++++ DATA EXCERPTS
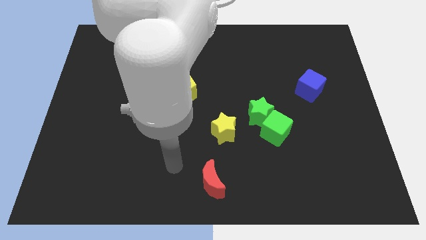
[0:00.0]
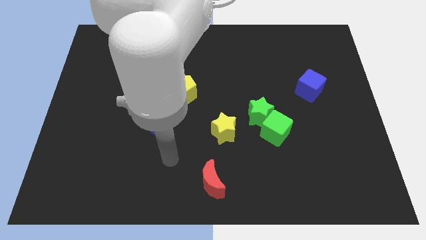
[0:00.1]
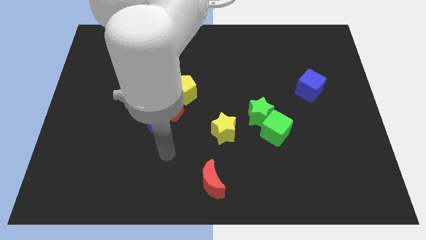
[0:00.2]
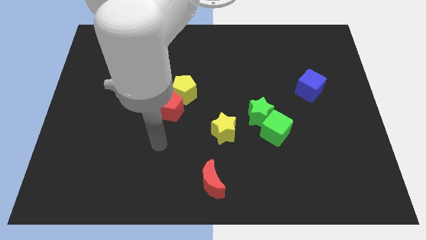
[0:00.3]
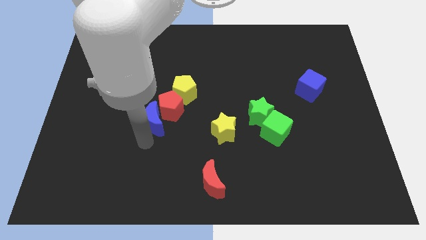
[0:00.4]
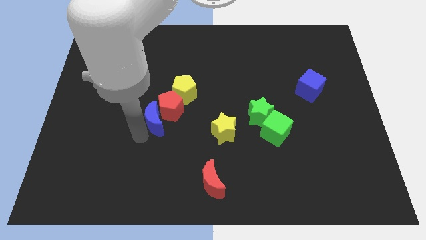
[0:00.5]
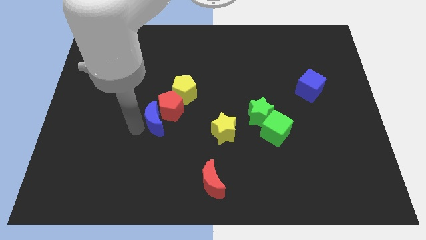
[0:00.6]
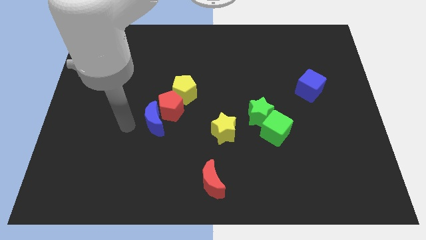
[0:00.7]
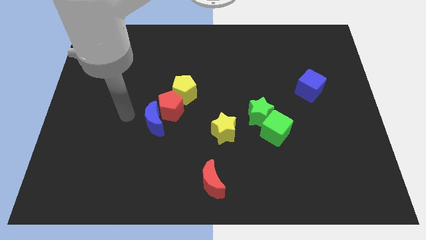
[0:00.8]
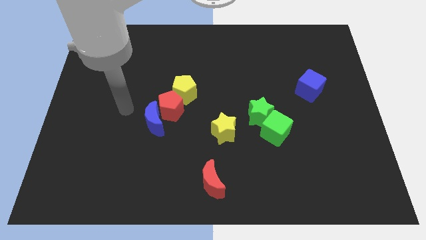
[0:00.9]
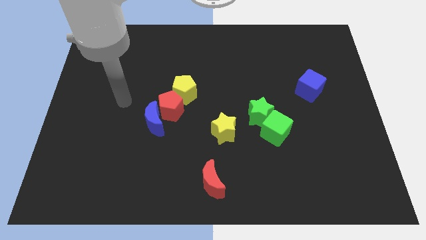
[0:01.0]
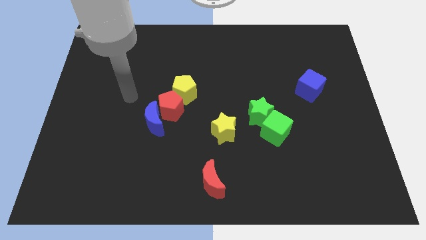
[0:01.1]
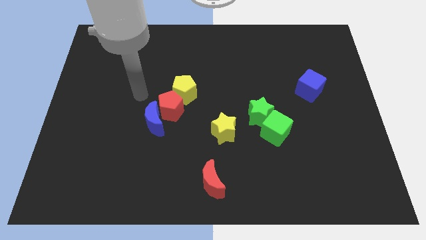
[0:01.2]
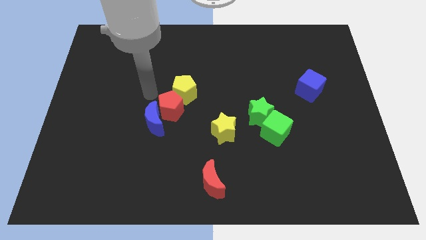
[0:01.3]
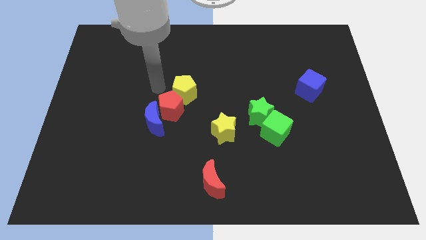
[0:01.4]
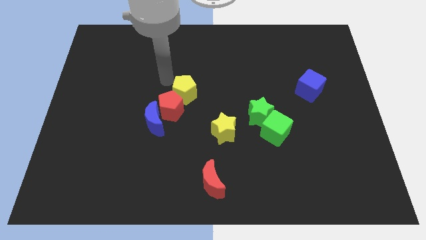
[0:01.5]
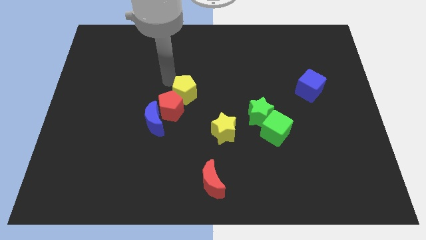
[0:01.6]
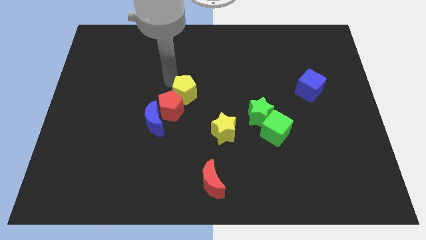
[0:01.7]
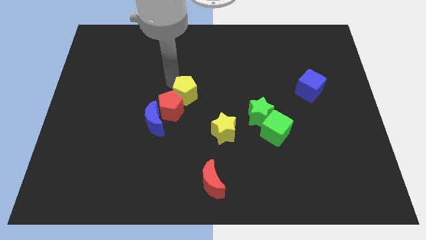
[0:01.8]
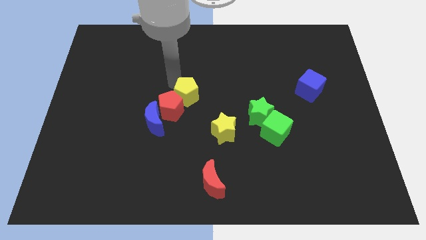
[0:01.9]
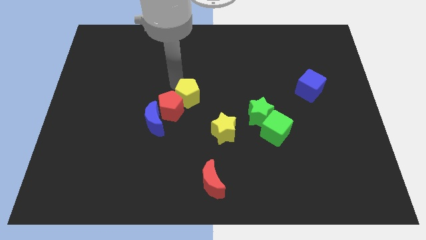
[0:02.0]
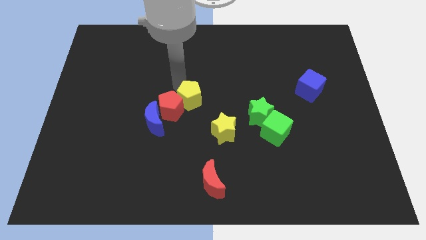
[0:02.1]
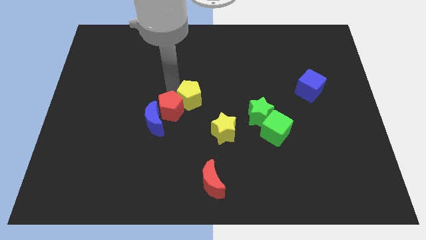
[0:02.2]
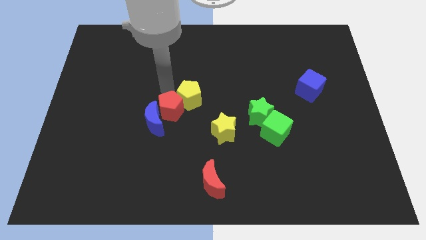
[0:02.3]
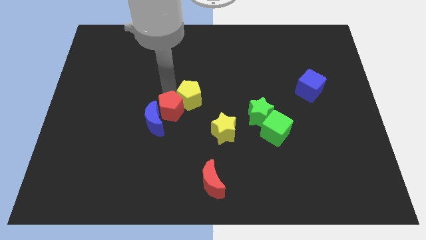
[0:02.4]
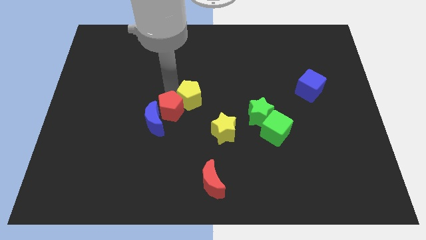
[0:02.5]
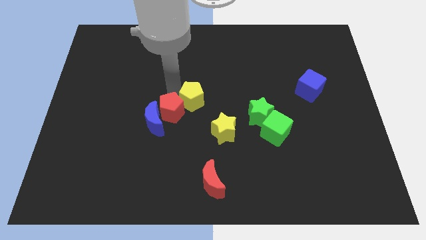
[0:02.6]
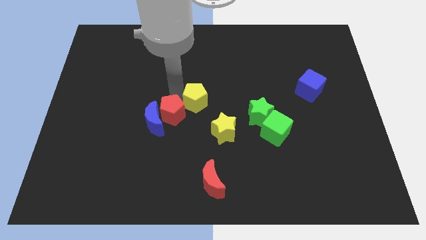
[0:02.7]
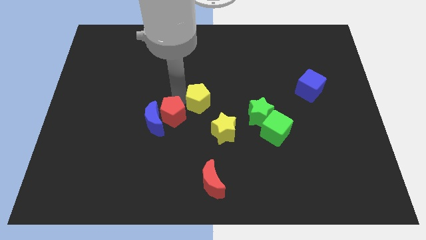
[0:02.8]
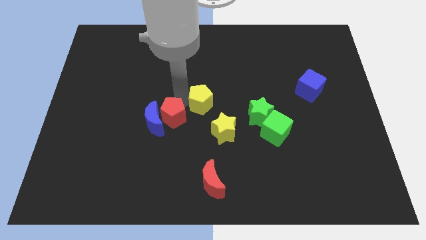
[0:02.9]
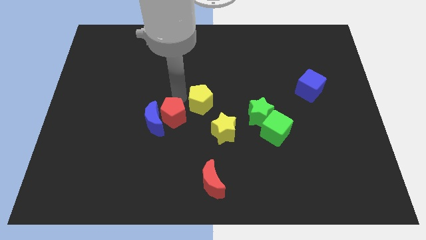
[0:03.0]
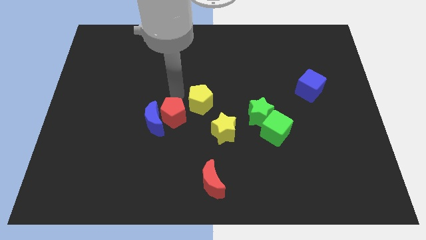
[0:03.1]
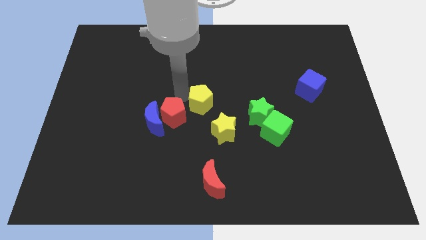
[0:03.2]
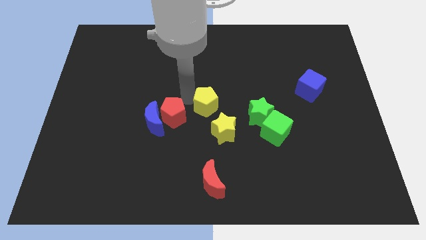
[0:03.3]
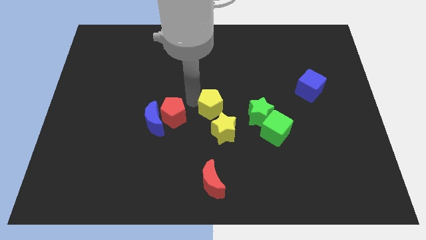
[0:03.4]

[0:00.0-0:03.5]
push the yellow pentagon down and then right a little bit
++++++++
§ DIRECTIONS FOR THIS TASK
What you return should match the records line for line, minus the pictures.

§ RESPONSE AREA
[0:00.0]
[0:00.1]
[0:00.2]
[0:00.3]
[0:00.4]
[0:00.5]
[0:00.6]
[0:00.7]
[0:00.8]
[0:00.9]
[0:01.0]
[0:01.1]
[0:01.2]
[0:01.3]
[0:01.4]
[0:01.5]
[0:01.6]
[0:01.7]
[0:01.8]
[0:01.9]
[0:02.0]
[0:02.1]
[0:02.2]
[0:02.3]
[0:02.4]
[0:02.5]
[0:02.6]
[0:02.7]
[0:02.8]
[0:02.9]
[0:03.0]
[0:03.1]
[0:03.2]
[0:03.3]
[0:03.4]

[0:00.0-0:03.5]
push the yellow pentagon down and then right a little bit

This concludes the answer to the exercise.